By utilizing Cu precursors and electroplating: solderability, adhesion, and mechanical strength was improved to produce a robust and conductive electrode. An important detail to note is that the Ni electroplated CPN electrode shearing test did not fail between the solder and the Ni surface, nor between the Ni surface and the CPN electrode. In fact, the shear test failed between the CPN electrode and the PI substrate. From this observation, it was concluded that the solderability was maximized for this type of electrode without further improvements to adhesion between the electrode and the substrate. Although chosen for its mechanical and electrical properties, there are other alternative plating metals instead of Ni. Future works can be performed to explore alternative plating metals to reduce cost while retaining the mechanical and conductive properties of Ni plated CPN electrodes.

Conclusions

We investigated the feasibility of nickel plating on IPL sintered hybrid copper electrodes.
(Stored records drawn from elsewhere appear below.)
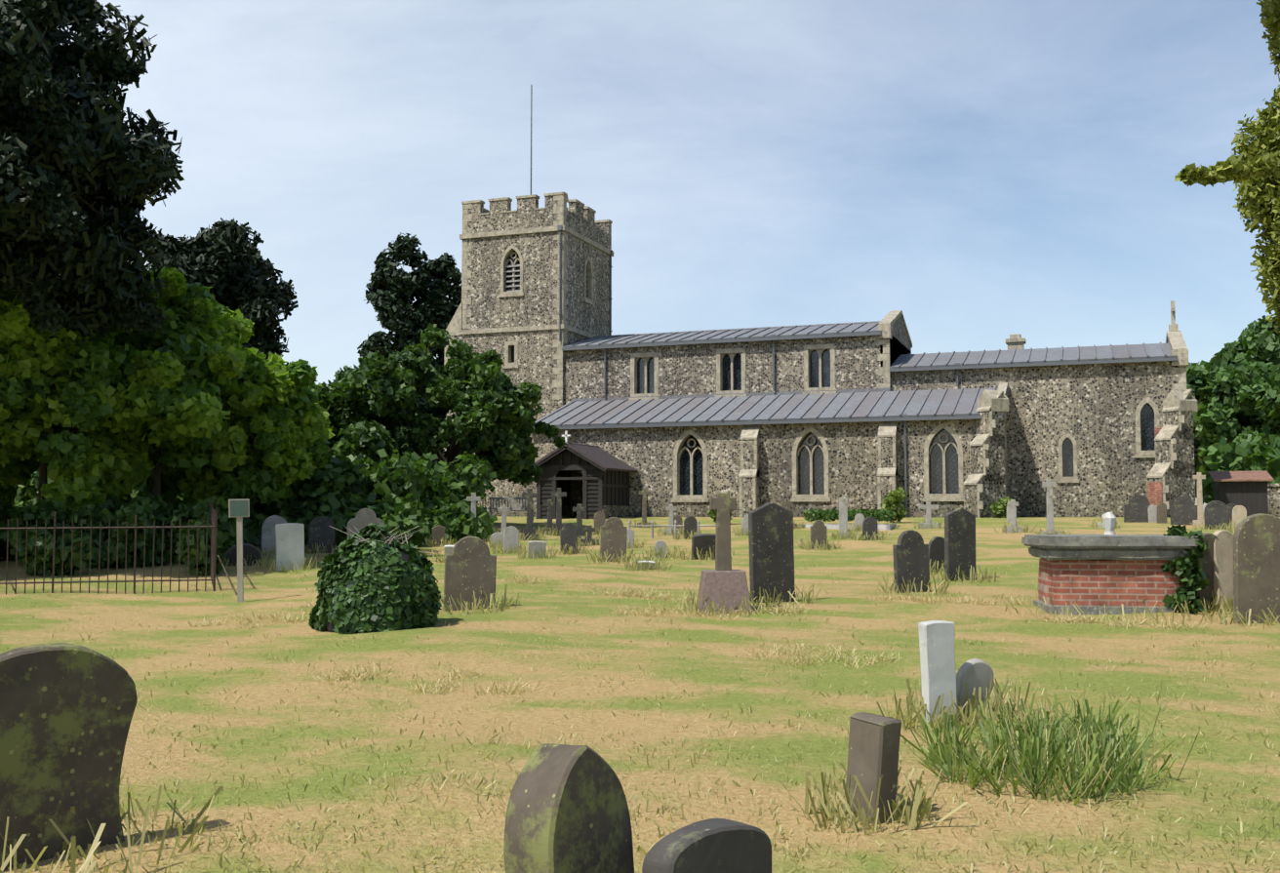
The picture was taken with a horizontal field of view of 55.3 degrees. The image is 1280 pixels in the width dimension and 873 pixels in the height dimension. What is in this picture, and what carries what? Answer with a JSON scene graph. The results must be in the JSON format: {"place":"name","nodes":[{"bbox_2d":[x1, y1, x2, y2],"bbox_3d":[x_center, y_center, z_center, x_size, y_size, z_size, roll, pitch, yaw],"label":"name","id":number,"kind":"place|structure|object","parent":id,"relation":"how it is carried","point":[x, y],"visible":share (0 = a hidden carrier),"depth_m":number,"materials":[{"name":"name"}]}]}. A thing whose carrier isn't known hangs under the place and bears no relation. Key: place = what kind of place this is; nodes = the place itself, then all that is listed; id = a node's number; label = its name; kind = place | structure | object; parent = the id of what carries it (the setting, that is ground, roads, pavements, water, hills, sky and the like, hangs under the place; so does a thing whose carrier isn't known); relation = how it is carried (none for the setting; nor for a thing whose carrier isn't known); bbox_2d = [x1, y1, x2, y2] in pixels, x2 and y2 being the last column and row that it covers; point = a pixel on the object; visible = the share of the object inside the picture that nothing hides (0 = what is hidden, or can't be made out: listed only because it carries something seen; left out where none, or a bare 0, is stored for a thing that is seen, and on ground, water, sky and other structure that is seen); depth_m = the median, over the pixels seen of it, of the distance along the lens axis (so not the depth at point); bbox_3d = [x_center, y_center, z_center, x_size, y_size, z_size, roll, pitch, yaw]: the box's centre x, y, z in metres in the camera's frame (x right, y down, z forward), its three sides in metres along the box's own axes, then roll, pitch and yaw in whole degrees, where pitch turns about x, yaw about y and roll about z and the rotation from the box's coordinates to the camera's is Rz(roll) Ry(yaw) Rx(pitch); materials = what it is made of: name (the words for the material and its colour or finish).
{"place":"outdoors","nodes":[
{"label":"outdoors","id":0,"kind":"place"},
{"bbox_2d":[462,230,609,517],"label":"church tower walls","id":1,"kind":"structure","parent":0,"point":[490,308],"depth_m":55.47,"materials":[{"name":"stone"}]},
{"bbox_2d":[535,505,631,519],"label":"porch dwarf walls","id":2,"kind":"structure","parent":0,"point":[610,511],"depth_m":47.55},
{"bbox_2d":[0,512,1279,872],"bbox_3d":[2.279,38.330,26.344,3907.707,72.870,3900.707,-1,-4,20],"label":"ground","id":3,"kind":"structure","parent":0,"point":[853,565],"depth_m":9.66,"materials":[{"name":"green plant"}]},
{"bbox_2d":[0,289,84,487],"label":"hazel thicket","id":4,"kind":"object","parent":3,"relation":"on","point":[21,432],"visible":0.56,"depth_m":25.07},
{"bbox_2d":[0,279,61,472],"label":"tree","id":5,"kind":"object","parent":4,"relation":"attached to","point":[16,393],"visible":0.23,"depth_m":24.69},
{"bbox_2d":[0,642,137,870],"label":"headstone","id":6,"kind":"object","parent":3,"relation":"on","point":[66,712],"visible":0.96,"depth_m":5.78,"materials":[{"name":"stone"}]},
{"bbox_2d":[0,0,184,337],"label":"tree","id":7,"kind":"object","parent":3,"relation":"on","point":[66,134],"depth_m":23.30,"materials":[{"name":"plant"}]},
{"bbox_2d":[0,324,185,520],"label":"hazel thicket","id":8,"kind":"object","parent":3,"relation":"on","point":[104,464],"depth_m":25.81,"materials":[{"name":"plant"}]},
{"bbox_2d":[0,331,182,501],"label":"tree","id":9,"kind":"object","parent":8,"relation":"attached to","point":[96,360],"visible":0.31,"depth_m":25.25,"materials":[{"name":"plant"}]},
{"bbox_2d":[0,498,237,595],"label":"iron railings","id":10,"kind":"object","parent":3,"relation":"on","point":[213,518],"visible":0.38,"depth_m":19.44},
{"bbox_2d":[0,491,245,576],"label":"hedge","id":11,"kind":"object","parent":3,"relation":"on","point":[148,508],"visible":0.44,"depth_m":24.15,"materials":[{"name":"plant"}]},
{"bbox_2d":[22,266,297,496],"bbox_3d":[-11.368,-0.471,28.816,6.477,7.050,6.175,-1,-4,20],"label":"hazel thicket","id":12,"kind":"object","parent":3,"relation":"on","point":[195,419],"depth_m":28.27,"materials":[{"name":"plant"}]},
{"bbox_2d":[66,281,318,502],"bbox_3d":[-11.500,-1.062,29.035,6.402,5.238,6.718,-1,-4,20],"label":"tree","id":13,"kind":"object","parent":12,"relation":"attached to","point":[193,456],"visible":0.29,"depth_m":28.01,"materials":[{"name":"plant"}]},
{"bbox_2d":[141,217,298,365],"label":"yew tree","id":14,"kind":"object","parent":3,"relation":"on","point":[209,258],"depth_m":42.20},
{"bbox_2d":[228,498,249,602],"bbox_3d":[-5.940,1.795,18.158,0.296,1.731,0.080,-1,-2,-9],"label":"notice post","id":15,"kind":"object","parent":3,"relation":"on","point":[240,582],"visible":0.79,"depth_m":18.14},
{"bbox_2d":[229,500,247,516],"bbox_3d":[-5.950,1.063,18.145,0.261,0.235,0.007,-1,-2,-9],"label":"sign panel","id":16,"kind":"object","parent":15,"relation":"attached to","point":[238,507],"visible":1,"depth_m":18.14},
{"bbox_2d":[223,543,261,565],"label":"headstone","id":17,"kind":"object","parent":3,"relation":"on","point":[250,550],"visible":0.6,"depth_m":24.20,"materials":[{"name":"stone"}]},
{"bbox_2d":[171,360,334,506],"bbox_3d":[-9.978,0.670,30.988,4.596,5.022,4.982,-1,-4,20],"label":"hazel thicket","id":18,"kind":"object","parent":3,"relation":"on","point":[292,461],"visible":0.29,"depth_m":29.73,"materials":[{"name":"plant"}]},
{"bbox_2d":[186,360,333,516],"bbox_3d":[-10.154,0.107,30.967,4.589,3.998,5.155,-1,-4,20],"label":"tree","id":19,"kind":"object","parent":18,"relation":"attached to","point":[244,481],"visible":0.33,"depth_m":29.39,"materials":[{"name":"plant"}]},
{"bbox_2d":[12,448,497,552],"bbox_3d":[-12.536,1.774,32.642,17.521,3.035,7.290,0,-4,2],"label":"hedge","id":20,"kind":"object","parent":3,"relation":"on","point":[405,493],"visible":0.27,"depth_m":31.50,"materials":[{"name":"plant"}]},
{"bbox_2d":[260,515,286,556],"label":"headstone","id":21,"kind":"object","parent":3,"relation":"on","point":[269,523],"visible":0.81,"depth_m":27.63,"materials":[{"name":"grey stone"}]},
{"bbox_2d":[275,522,304,571],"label":"headstone","id":22,"kind":"object","parent":3,"relation":"on","point":[289,542],"visible":0.88,"depth_m":23.29,"materials":[{"name":"white stone"}]},
{"bbox_2d":[308,516,334,553],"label":"headstone","id":23,"kind":"object","parent":3,"relation":"on","point":[320,530],"visible":0.85,"depth_m":28.81,"materials":[{"name":"stone"}]},
{"bbox_2d":[313,373,395,466],"bbox_3d":[-9.224,0.832,36.990,5.067,5.318,4.825,-1,-4,20],"label":"thorn tree","id":24,"kind":"object","parent":3,"relation":"on","point":[347,392],"depth_m":35.94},
{"bbox_2d":[321,368,422,466],"bbox_3d":[-9.117,0.106,36.937,4.970,4.247,4.954,-1,-4,20],"label":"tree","id":25,"kind":"object","parent":24,"relation":"attached to","point":[370,434],"visible":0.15,"depth_m":35.16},
{"bbox_2d":[346,508,384,539],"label":"headstone","id":26,"kind":"object","parent":3,"relation":"on","point":[363,518],"visible":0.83,"depth_m":29.05,"materials":[{"name":"beige stone"}]},
{"bbox_2d":[308,522,441,634],"bbox_3d":[-3.116,1.676,14.402,1.711,1.313,1.433,-1,-4,20],"label":"ivy mound","id":27,"kind":"object","parent":3,"relation":"on","point":[376,585],"depth_m":13.97,"materials":[{"name":"plant"}]},
{"bbox_2d":[357,232,439,460],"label":"cypress","id":28,"kind":"object","parent":3,"relation":"on","point":[390,287],"depth_m":63.77,"materials":[{"name":"plant"}]},
{"bbox_2d":[407,252,461,462],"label":"cypress","id":29,"kind":"object","parent":3,"relation":"on","point":[431,295],"depth_m":65.86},
{"bbox_2d":[327,322,565,480],"bbox_3d":[-6.566,-0.021,38.316,7.670,6.895,7.553,-1,-4,20],"label":"thorn tree","id":30,"kind":"object","parent":3,"relation":"on","point":[472,378],"depth_m":36.65,"materials":[{"name":"plant"}]},
{"bbox_2d":[326,350,559,487],"bbox_3d":[-6.397,-0.543,38.505,7.086,4.290,7.588,-1,-4,20],"label":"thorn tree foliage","id":31,"kind":"object","parent":30,"relation":"attached to","point":[382,396],"visible":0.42,"depth_m":36.17,"materials":[{"name":"plant"}]},
{"bbox_2d":[443,536,496,611],"bbox_3d":[-2.202,1.827,15.866,0.659,1.064,0.100,2,-4,-12],"label":"headstone","id":32,"kind":"object","parent":3,"relation":"on","point":[470,565],"visible":0.88,"depth_m":15.82,"materials":[{"name":"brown stone"}]},
{"bbox_2d":[488,497,533,523],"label":"bench","id":33,"kind":"object","parent":3,"relation":"on","point":[501,499],"visible":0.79,"depth_m":42.02,"materials":[{"name":"grey wood"}]},
{"bbox_2d":[503,525,519,553],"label":"headstone","id":34,"kind":"object","parent":3,"relation":"on","point":[511,535],"visible":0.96,"depth_m":28.74,"materials":[{"name":"grey stone"}]},
{"bbox_2d":[520,488,538,540],"bbox_3d":[-2.989,2.158,33.111,0.450,1.493,0.360,1,-4,-10],"label":"cross","id":35,"kind":"object","parent":3,"relation":"on","point":[529,495],"visible":0.77,"depth_m":33.06,"materials":[{"name":"stone"}]},
{"bbox_2d":[527,540,546,559],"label":"headstone","id":36,"kind":"object","parent":3,"relation":"on","point":[534,545],"visible":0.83,"depth_m":26.77,"materials":[{"name":"grey stone"}]},
{"bbox_2d":[551,487,566,535],"bbox_3d":[-2.361,2.234,35.620,0.450,1.462,0.360,1,-4,-8],"label":"cross","id":37,"kind":"object","parent":3,"relation":"on","point":[558,495],"visible":0.69,"depth_m":35.57,"materials":[{"name":"stone"}]},
{"bbox_2d":[503,743,634,872],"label":"headstone","id":38,"kind":"object","parent":3,"relation":"on","point":[567,811],"visible":1,"depth_m":4.23,"materials":[{"name":"stone"}]},
{"bbox_2d":[560,522,577,554],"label":"headstone","id":39,"kind":"object","parent":3,"relation":"on","point":[568,534],"visible":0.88,"depth_m":27.97,"materials":[{"name":"stone"}]},
{"bbox_2d":[572,504,586,541],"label":"cross","id":40,"kind":"object","parent":3,"relation":"on","point":[580,509],"visible":0.4,"depth_m":31.51,"materials":[{"name":"stone"}]},
{"bbox_2d":[536,445,631,519],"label":"porch","id":41,"kind":"object","parent":3,"relation":"on","point":[601,486],"visible":0.71,"depth_m":46.60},
{"bbox_2d":[534,441,638,472],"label":"porch roof","id":42,"kind":"structure","parent":41,"relation":"on","point":[601,458],"depth_m":46.89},
{"bbox_2d":[600,517,627,561],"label":"headstone","id":43,"kind":"object","parent":3,"relation":"on","point":[614,530],"visible":0.79,"depth_m":24.22,"materials":[{"name":"brown stone"}]},
{"bbox_2d":[0,519,1279,872],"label":"dry grass tufts","id":44,"kind":"object","parent":3,"relation":"on","point":[915,806],"visible":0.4,"depth_m":8.95,"materials":[{"name":"plant"}]},
{"bbox_2d":[637,487,651,527],"bbox_3d":[0.146,2.338,39.314,0.450,1.379,0.360,0,-4,-4],"label":"cross","id":45,"kind":"object","parent":3,"relation":"on","point":[644,492],"visible":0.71,"depth_m":39.27,"materials":[{"name":"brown stone"}]},
{"bbox_2d":[628,520,716,538],"bbox_3d":[0.945,2.497,32.702,2.626,0.562,0.082,-1,-4,14],"label":"grave railing","id":46,"kind":"object","parent":3,"relation":"on","point":[653,526],"visible":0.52,"depth_m":32.74,"materials":[{"name":"grey metal"}]},
{"bbox_2d":[683,516,697,539],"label":"headstone","id":47,"kind":"object","parent":3,"relation":"on","point":[690,524],"visible":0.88,"depth_m":31.64,"materials":[{"name":"stone"}]},
{"bbox_2d":[187,572,1207,696],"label":"dry grass patches","id":48,"kind":"object","parent":3,"relation":"on","point":[633,592],"visible":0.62,"depth_m":14.12,"materials":[{"name":"plant"}]},
{"bbox_2d":[691,533,715,559],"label":"headstone","id":49,"kind":"object","parent":3,"relation":"on","point":[704,541],"visible":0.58,"depth_m":24.28,"materials":[{"name":"stone"}]},
{"bbox_2d":[641,818,771,872],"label":"headstone","id":50,"kind":"object","parent":3,"relation":"on","point":[717,846],"visible":1,"depth_m":4.28,"materials":[{"name":"stone"}]},
{"bbox_2d":[697,569,752,613],"bbox_3d":[1.071,2.031,15.703,0.695,0.616,0.528,0,-4,-3],"label":"granite pedestal","id":51,"kind":"object","parent":3,"relation":"on","point":[731,587],"visible":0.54,"depth_m":15.49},
{"bbox_2d":[709,492,736,570],"bbox_3d":[1.071,1.236,15.752,0.334,1.017,0.147,0,-4,-3],"label":"cross","id":52,"kind":"object","parent":51,"relation":"on","point":[722,504],"visible":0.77,"depth_m":15.69,"materials":[{"name":"brown stone"}]},
{"bbox_2d":[748,502,795,602],"bbox_3d":[1.815,1.659,16.868,0.672,1.500,0.100,0,-2,-25],"label":"headstone","id":53,"kind":"object","parent":3,"relation":"on","point":[771,545],"visible":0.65,"depth_m":16.82,"materials":[{"name":"stone"}]},
{"bbox_2d":[810,520,827,549],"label":"headstone","id":54,"kind":"object","parent":3,"relation":"on","point":[819,530],"visible":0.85,"depth_m":27.18,"materials":[{"name":"brown stone"}]},
{"bbox_2d":[839,496,847,538],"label":"headstone","id":55,"kind":"object","parent":3,"relation":"on","point":[843,513],"visible":0.67,"depth_m":32.16,"materials":[{"name":"grey stone"}]},
{"bbox_2d":[802,508,895,521],"bbox_3d":[6.432,2.415,37.583,2.754,0.462,1.995,-1,-4,20],"label":"low hedge","id":56,"kind":"object","parent":3,"relation":"on","point":[878,515],"visible":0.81,"depth_m":37.06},
{"bbox_2d":[707,486,1012,522],"bbox_3d":[7.880,2.351,40.658,11.392,1.334,2.323,1,-4,-16],"label":"shrub foliage","id":57,"kind":"object","parent":3,"relation":"on","point":[892,500],"visible":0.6,"depth_m":39.92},
{"bbox_2d":[862,517,878,540],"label":"headstone","id":58,"kind":"object","parent":3,"relation":"on","point":[869,525],"visible":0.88,"depth_m":30.55,"materials":[{"name":"stone"}]},
{"bbox_2d":[841,712,901,824],"bbox_3d":[1.187,1.762,6.279,0.174,0.653,0.227,5,-1,-39],"label":"headstone","id":59,"kind":"object","parent":3,"relation":"on","point":[873,746],"visible":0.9,"depth_m":6.21,"materials":[{"name":"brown stone"}]},
{"bbox_2d":[892,529,930,593],"bbox_3d":[4.024,1.902,18.120,0.577,1.029,0.090,1,-6,-22],"label":"headstone","id":60,"kind":"object","parent":3,"relation":"on","point":[910,549],"visible":0.88,"depth_m":18.08,"materials":[{"name":"stone"}]},
{"bbox_2d":[918,498,939,528],"bbox_3d":[8.662,2.357,36.707,0.600,0.982,0.432,0,-4,4],"label":"cross","id":61,"kind":"object","parent":3,"relation":"on","point":[928,507],"visible":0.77,"depth_m":36.66,"materials":[{"name":"grey stone"}]},
{"bbox_2d":[928,536,944,572],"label":"headstone","id":62,"kind":"object","parent":3,"relation":"on","point":[937,548],"visible":0.54,"depth_m":21.54,"materials":[{"name":"stone"}]},
{"bbox_2d":[918,620,957,724],"bbox_3d":[2.152,1.763,8.827,0.260,0.858,0.098,0,-3,-20],"label":"headstone","id":63,"kind":"object","parent":3,"relation":"on","point":[937,658],"visible":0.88,"depth_m":8.79,"materials":[{"name":"white stone"}]},
{"bbox_2d":[944,507,976,581],"bbox_3d":[5.275,1.830,20.144,0.602,1.312,0.100,2,-4,-27],"label":"headstone","id":64,"kind":"object","parent":3,"relation":"on","point":[960,537],"visible":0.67,"depth_m":20.08,"materials":[{"name":"stone"}]},
{"bbox_2d":[956,658,994,716],"bbox_3d":[2.465,1.910,9.043,0.289,0.536,0.089,1,6,-14],"label":"headstone","id":65,"kind":"object","parent":3,"relation":"on","point":[976,673],"visible":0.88,"depth_m":8.99,"materials":[{"name":"grey stone"}]},
{"bbox_2d":[1003,499,1023,532],"bbox_3d":[9.949,2.168,32.582,0.450,0.979,0.360,-1,-4,9],"label":"cross","id":66,"kind":"object","parent":3,"relation":"on","point":[1013,503],"visible":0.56,"depth_m":32.54,"materials":[{"name":"grey stone"}]},
{"bbox_2d":[900,687,1199,804],"bbox_3d":[2.438,1.846,7.426,1.755,0.393,2.219,-1,-4,20],"label":"grass clump","id":67,"kind":"object","parent":3,"relation":"on","point":[1032,748],"visible":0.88,"depth_m":7.05,"materials":[{"name":"plant"}]},
{"bbox_2d":[1040,479,1061,534],"bbox_3d":[10.174,1.837,30.347,0.450,1.548,0.360,0,-4,7],"label":"cross","id":68,"kind":"object","parent":3,"relation":"on","point":[1049,485],"visible":0.65,"depth_m":30.30,"materials":[{"name":"grey stone"}]},
{"bbox_2d":[1038,558,1182,607],"bbox_3d":[6.003,1.965,15.685,1.595,0.811,1.042,0,-4,8],"label":"brick chest tomb","id":69,"kind":"object","parent":3,"relation":"on","point":[1105,582],"visible":0.5,"depth_m":15.22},
{"bbox_2d":[1021,534,1199,615],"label":"tomb slab","id":70,"kind":"structure","parent":3,"relation":"on","point":[1138,547],"depth_m":15.14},
{"bbox_2d":[1102,512,1116,534],"bbox_3d":[6.059,1.124,15.783,0.157,0.300,0.157,1,-4,-15],"label":"urn","id":71,"kind":"object","parent":70,"relation":"on","point":[1109,519],"visible":0.88,"depth_m":15.73,"materials":[{"name":"white stone"}]},
{"bbox_2d":[1160,524,1210,613],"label":"tomb ivy leaves","id":72,"kind":"object","parent":70,"relation":"attached to","point":[1191,580],"visible":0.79,"depth_m":14.99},
{"bbox_2d":[1123,494,1150,522],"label":"headstone","id":73,"kind":"object","parent":3,"relation":"on","point":[1136,507],"visible":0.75,"depth_m":38.51,"materials":[{"name":"stone"}]},
{"bbox_2d":[1169,496,1197,524],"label":"headstone","id":74,"kind":"object","parent":3,"relation":"on","point":[1182,510],"visible":0.81,"depth_m":36.85,"materials":[{"name":"stone"}]},
{"bbox_2d":[1192,472,1205,525],"bbox_3d":[16.832,1.923,36.772,0.450,1.697,0.360,-1,-4,15],"label":"cross","id":75,"kind":"object","parent":3,"relation":"on","point":[1198,476],"visible":0.67,"depth_m":36.73,"materials":[{"name":"beige stone"}]},
{"bbox_2d":[1195,532,1219,608],"bbox_3d":[7.040,1.722,15.176,0.367,1.050,0.090,-1,0,-15],"label":"headstone","id":76,"kind":"object","parent":3,"relation":"on","point":[1206,562],"visible":0.4,"depth_m":15.13,"materials":[{"name":"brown stone"}]},
{"bbox_2d":[1203,500,1229,529],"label":"headstone","id":77,"kind":"object","parent":3,"relation":"on","point":[1216,512],"visible":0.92,"depth_m":34.37,"materials":[{"name":"stone"}]},
{"bbox_2d":[1213,529,1233,609],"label":"headstone","id":78,"kind":"object","parent":3,"relation":"on","point":[1222,564],"visible":0.65,"depth_m":15.14,"materials":[{"name":"beige stone"}]},
{"bbox_2d":[1186,359,1279,474],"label":"tree","id":79,"kind":"object","parent":3,"relation":"on","point":[1213,422],"depth_m":69.60,"materials":[{"name":"plant"}]},
{"bbox_2d":[1186,360,1279,478],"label":"tree foliage","id":80,"kind":"object","parent":79,"relation":"attached to","point":[1228,399],"visible":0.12,"depth_m":70.23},
{"bbox_2d":[1190,321,1279,437],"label":"tree","id":81,"kind":"object","parent":3,"relation":"on","point":[1249,339],"depth_m":78.16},
{"bbox_2d":[1193,315,1279,439],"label":"tree foliage","id":82,"kind":"object","parent":81,"relation":"attached to","point":[1264,347],"visible":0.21,"depth_m":75.96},
{"bbox_2d":[1195,434,1279,504],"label":"hedge foliage","id":83,"kind":"object","parent":3,"relation":"on","point":[1224,457],"visible":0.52,"depth_m":54.14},
{"bbox_2d":[1232,505,1246,528],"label":"headstone","id":84,"kind":"object","parent":3,"relation":"on","point":[1239,513],"visible":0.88,"depth_m":31.09,"materials":[{"name":"beige stone"}]},
{"bbox_2d":[1214,480,1268,517],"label":"tool shed","id":85,"kind":"structure","parent":3,"relation":"on","point":[1251,497],"depth_m":47.11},
{"bbox_2d":[1207,470,1274,481],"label":"shed roof","id":86,"kind":"structure","parent":85,"relation":"on","point":[1223,476],"depth_m":47.71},
{"bbox_2d":[1232,513,1279,623],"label":"headstone","id":87,"kind":"object","parent":3,"relation":"on","point":[1256,541],"visible":0.92,"depth_m":14.03,"materials":[{"name":"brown stone"}]},
{"bbox_2d":[1267,483,1279,517],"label":"flint wall","id":88,"kind":"structure","parent":3,"relation":"on","point":[1273,496],"depth_m":50.70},
{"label":"golden yew limbs","id":89,"kind":"object","parent":3,"relation":"on","visible":0},
{"bbox_2d":[1230,0,1279,333],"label":"golden yew","id":90,"kind":"object","parent":89,"relation":"attached to","point":[1260,197],"visible":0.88,"depth_m":12.29,"materials":[{"name":"plant"}]},
{"bbox_2d":[1174,150,1279,187],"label":"tree branch","id":91,"kind":"object","parent":90,"relation":"attached to","point":[1263,165],"visible":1,"depth_m":11.11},
{"bbox_2d":[57,0,1279,512],"label":"sky","id":92,"kind":"structure","parent":0,"point":[983,173],"materials":[{"name":"blue"}]},
{"bbox_2d":[562,320,881,348],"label":"nave roof","id":93,"kind":"structure","parent":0,"point":[756,333],"depth_m":53.45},
{"bbox_2d":[563,335,911,404],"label":"church nave walls","id":94,"kind":"structure","parent":0,"point":[688,370],"depth_m":52.23,"materials":[{"name":"stone"}]},
{"bbox_2d":[532,411,1007,518],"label":"church aisle walls","id":95,"kind":"structure","parent":0,"point":[647,453],"depth_m":46.85,"materials":[{"name":"stone"}]},
{"bbox_2d":[532,386,1009,427],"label":"aisle roof","id":96,"kind":"structure","parent":95,"relation":"on","point":[867,403],"depth_m":48.91,"materials":[{"name":"metal"}]},
{"bbox_2d":[444,195,1195,518],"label":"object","id":97,"kind":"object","parent":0,"point":[1179,482],"visible":0.38,"depth_m":45.57,"materials":[{"name":"stone"}]},
{"bbox_2d":[443,191,1198,518],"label":"church dressings","id":98,"kind":"structure","parent":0,"point":[1174,400],"depth_m":48.82,"materials":[{"name":"stone"}]},
{"bbox_2d":[506,250,1155,495],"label":"church windows","id":99,"kind":"structure","parent":98,"relation":"in","point":[1146,444],"depth_m":47.50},
{"bbox_2d":[530,84,1177,518],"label":"gutters and drainpipes","id":100,"kind":"object","parent":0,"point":[903,420],"visible":0.9,"depth_m":48.71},
{"bbox_2d":[890,360,1186,517],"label":"church chancel walls","id":101,"kind":"structure","parent":0,"point":[1090,409],"depth_m":47.21,"materials":[{"name":"stone"}]},
{"bbox_2d":[889,342,1177,368],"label":"chancel roof","id":102,"kind":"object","parent":101,"relation":"on","point":[1127,351],"visible":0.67,"depth_m":48.97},
{"bbox_2d":[1147,427,1162,507],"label":"brick patch","id":103,"kind":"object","parent":101,"relation":"attached to","point":[1154,494],"visible":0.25,"depth_m":45.17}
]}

The analytical and experimental tests were conducted to observe the morphology characteristics of different electrodes to improve the solderability of printed Cu electrodes. Cu NPs were mixed with 30 wt.% of Cu (II) Nitrate Trihydrate precursor to fabricate the Cu Precursor/NPs (CPN) electrodes. It was found that the resistivity of the CPN electrodes was decreased due to the reduction and precipitation of Cu precursor between Cu NPs. Ni electroplating process was applied to complement the weak mechanical properties of IPL sintered Cu, which further improved the surface morphology characteristics and improved solderability. Through multi-physics FEM electroplating simulations, effects of different parameters on electroplating were identified. Based on the mechanistic insight provided by simulation results, Ni-electroplating was performed for improved solderability and mechanical properties. The surface roughness was drastically reduced to Sq = 1.45 μm in optimized conditions (temperature, 60 °C; cathode current density, 10 A/dm2; plating time, 1 min). Experimental solder shear tensile test showed a shear strength of Ni-electroplated Cu NPs/Precursor electrodes as 2.75 MPa. Reducing the roughness on a surface through Ni-electroplating leads to improved solder wetting. Moreover by applying a mask during IPL sintering, the electrode showed selective nickel plating only on the sintered portion (i.e., the conductive region); this paves the new way for patterned mask flashing followed by selective electroplating to streamline the circuit manufacturing process. It is expected that the proposed approach can also be used in reflow soldering of electrical components for IPL based printed electrodes and circuits.